[Input data — start]
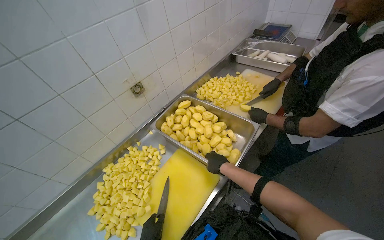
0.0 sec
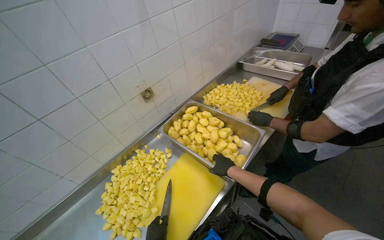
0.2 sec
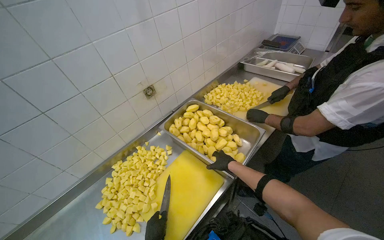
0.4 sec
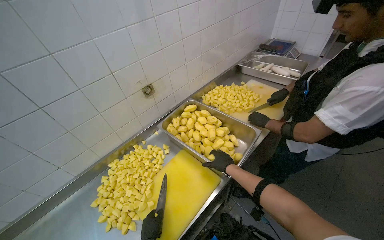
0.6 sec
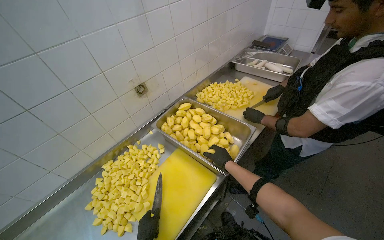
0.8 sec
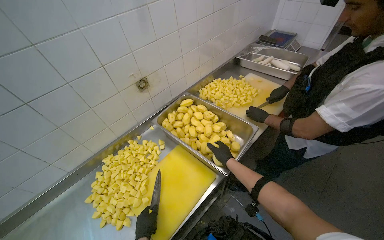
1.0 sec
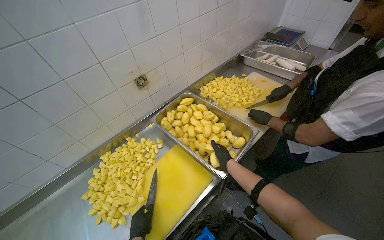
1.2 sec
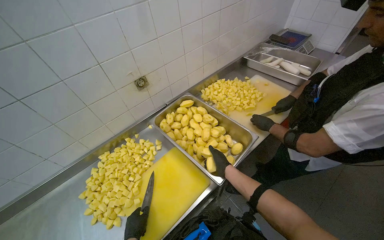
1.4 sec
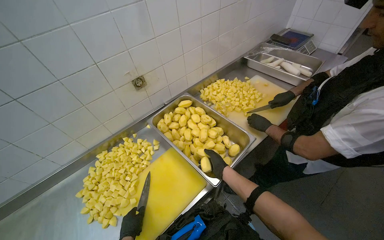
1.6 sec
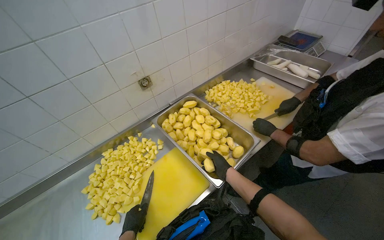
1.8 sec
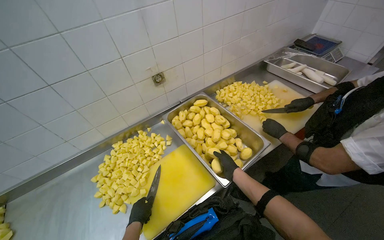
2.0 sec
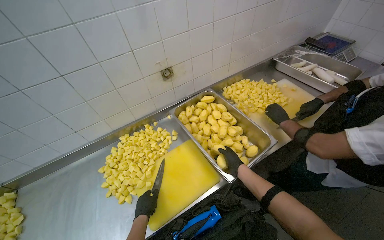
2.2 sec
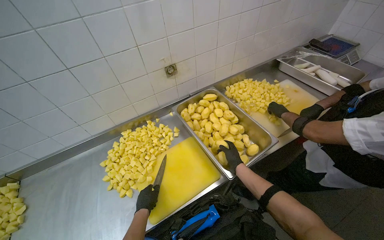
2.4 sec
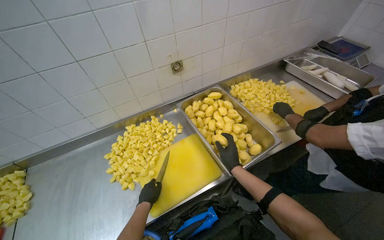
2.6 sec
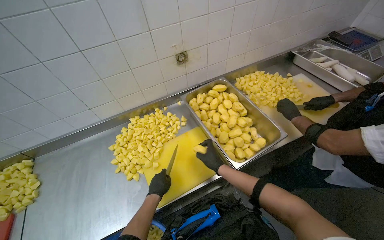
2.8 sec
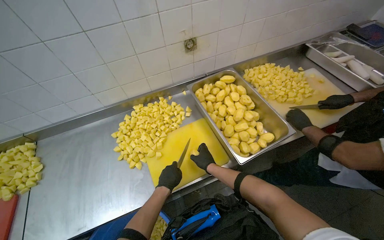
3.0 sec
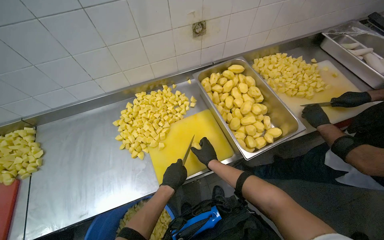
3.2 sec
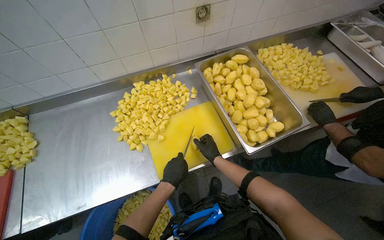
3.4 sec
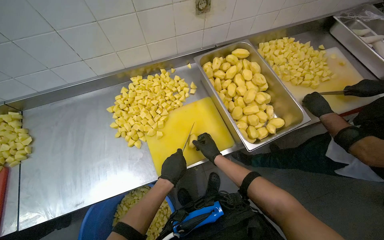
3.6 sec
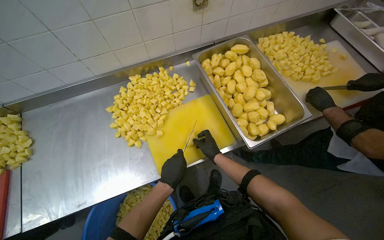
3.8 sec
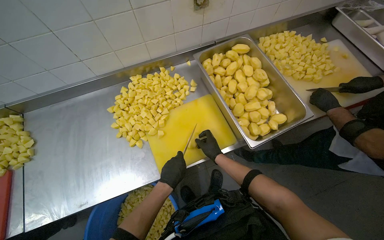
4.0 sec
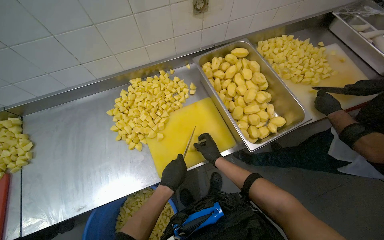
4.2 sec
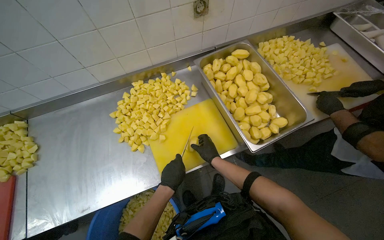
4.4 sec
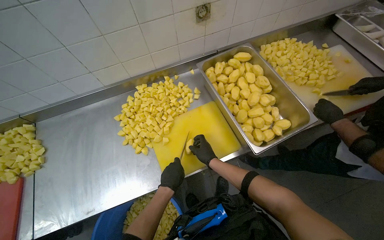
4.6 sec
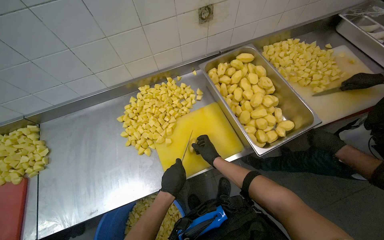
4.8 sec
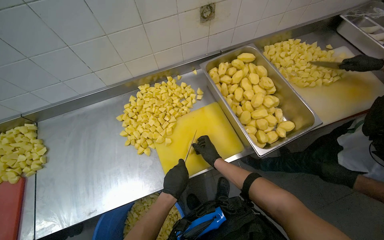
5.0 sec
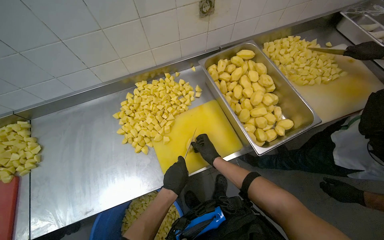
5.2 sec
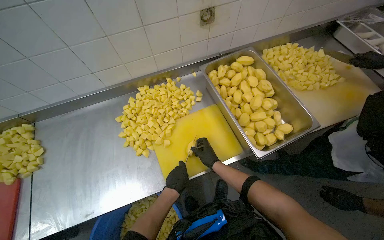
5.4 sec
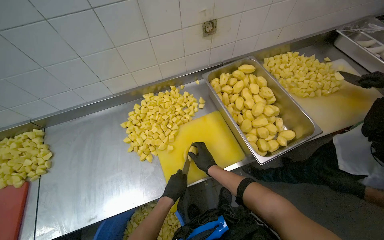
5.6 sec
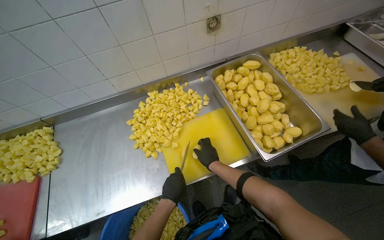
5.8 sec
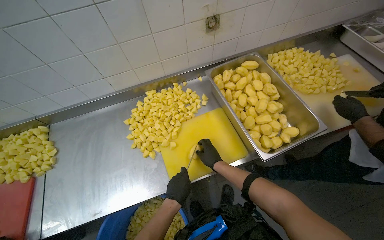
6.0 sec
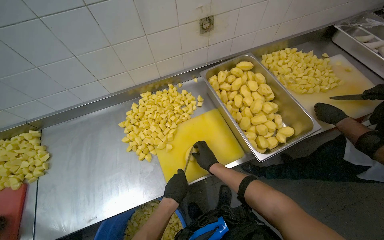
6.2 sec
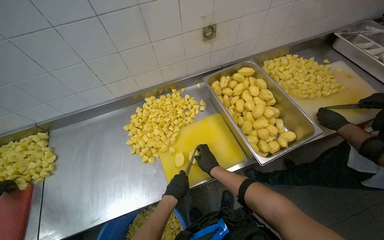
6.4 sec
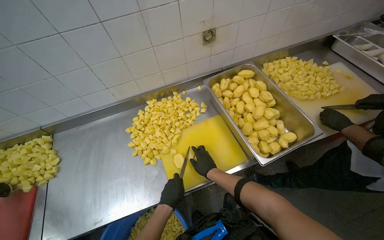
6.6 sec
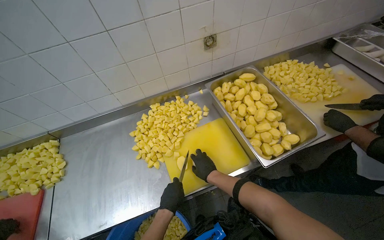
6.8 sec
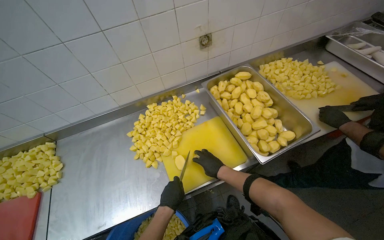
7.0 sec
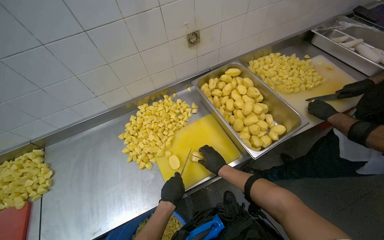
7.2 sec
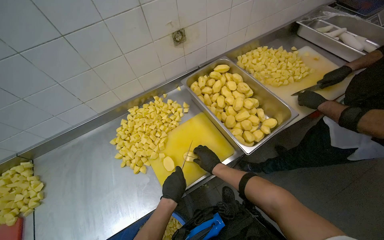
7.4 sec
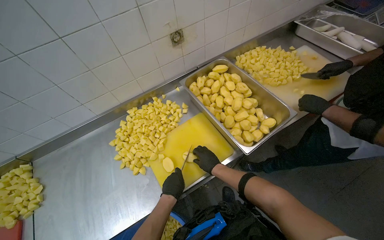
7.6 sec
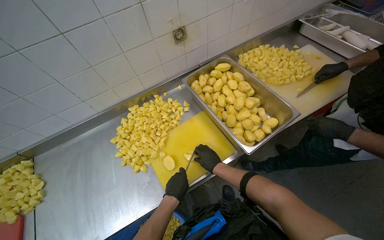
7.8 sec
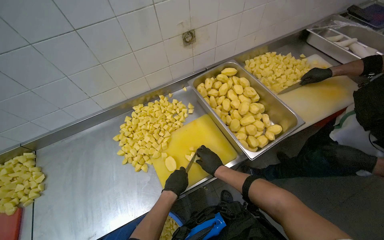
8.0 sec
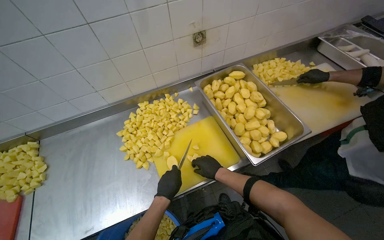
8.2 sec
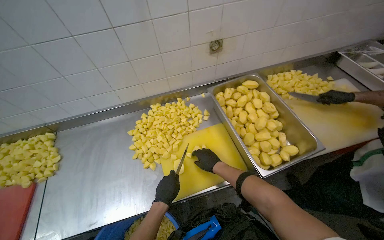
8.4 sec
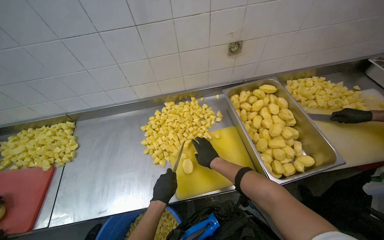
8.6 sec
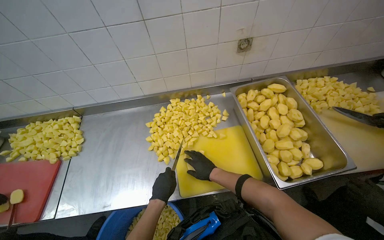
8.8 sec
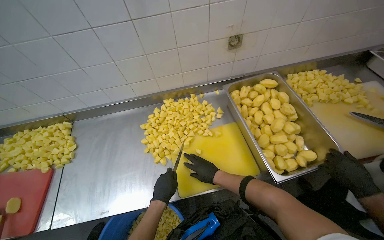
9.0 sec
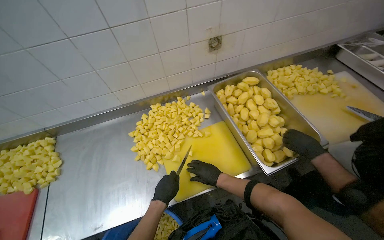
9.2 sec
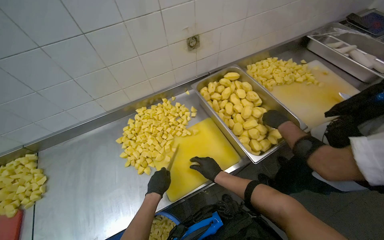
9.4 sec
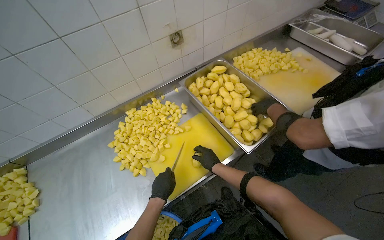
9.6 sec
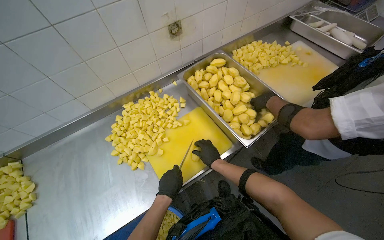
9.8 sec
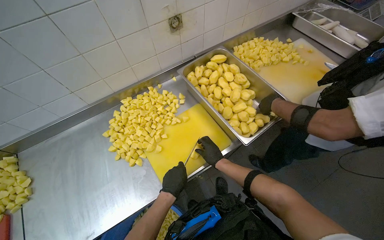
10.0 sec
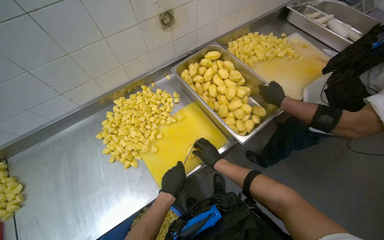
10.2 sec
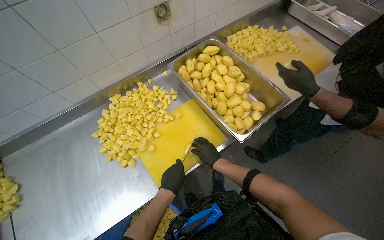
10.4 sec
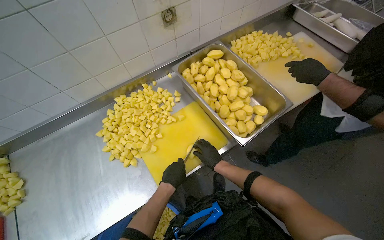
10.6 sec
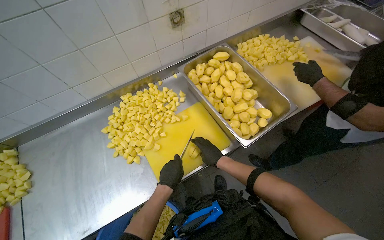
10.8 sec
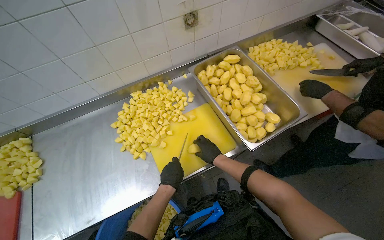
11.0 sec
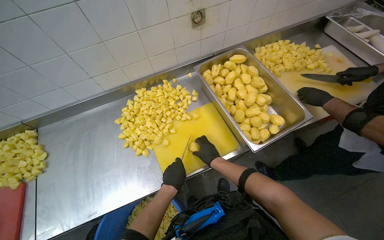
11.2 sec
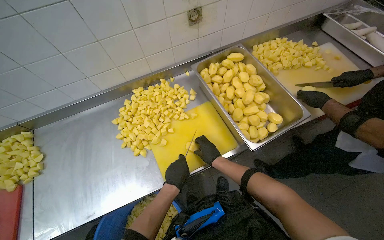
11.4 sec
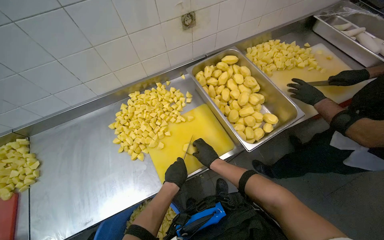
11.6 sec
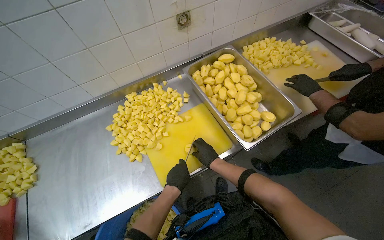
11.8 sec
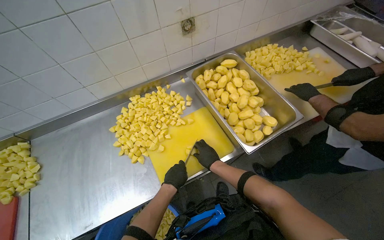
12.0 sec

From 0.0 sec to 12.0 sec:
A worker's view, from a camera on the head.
Job: preparing food.
The whole recording: Cutting peeled potatoes into cubes. The worker continues cutting peeled potatoes into cubes on a yellow cutting board.
From 1.6 sec to 3.0 sec: The right hand is displaced to the left by about 15 cm.
From 3.0 sec to 7.6 sec: The hands make small movements and keep their place.
From 9.0 sec to 10.4 sec: The wearer looks about 20 degrees further to the right.
From 10.4 sec to 12.0 sec: The hands stay close to where they were, moving slightly.
[Input data — finish]
### Your task
Write out the whole listing exactly, and drop the pictures.

### Exercise result
0.0 sec
0.2 sec
0.4 sec
0.6 sec
0.8 sec
1.0 sec
1.2 sec
1.4 sec
1.6 sec
1.8 sec
2.0 sec
2.2 sec
2.4 sec
2.6 sec
2.8 sec
3.0 sec
3.2 sec
3.4 sec
3.6 sec
3.8 sec
4.0 sec
4.2 sec
4.4 sec
4.6 sec
4.8 sec
5.0 sec
5.2 sec
5.4 sec
5.6 sec
5.8 sec
6.0 sec
6.2 sec
6.4 sec
6.6 sec
6.8 sec
7.0 sec
7.2 sec
7.4 sec
7.6 sec
7.8 sec
8.0 sec
8.2 sec
8.4 sec
8.6 sec
8.8 sec
9.0 sec
9.2 sec
9.4 sec
9.6 sec
9.8 sec
10.0 sec
10.2 sec
10.4 sec
10.6 sec
10.8 sec
11.0 sec
11.2 sec
11.4 sec
11.6 sec
11.8 sec
12.0 sec

From 0.0 sec to 12.0 sec:
A worker's view, from a camera on the head.
Job: preparing food.
The whole recording: Cutting peeled potatoes into cubes. The worker continues cutting peeled potatoes into cubes on a yellow cutting board.
From 1.6 sec to 3.0 sec: The right hand is displaced to the left by about 15 cm.
From 3.0 sec to 7.6 sec: The hands make small movements and keep their place.
From 9.0 sec to 10.4 sec: The wearer looks about 20 degrees further to the right.
From 10.4 sec to 12.0 sec: The hands stay close to where they were, moving slightly.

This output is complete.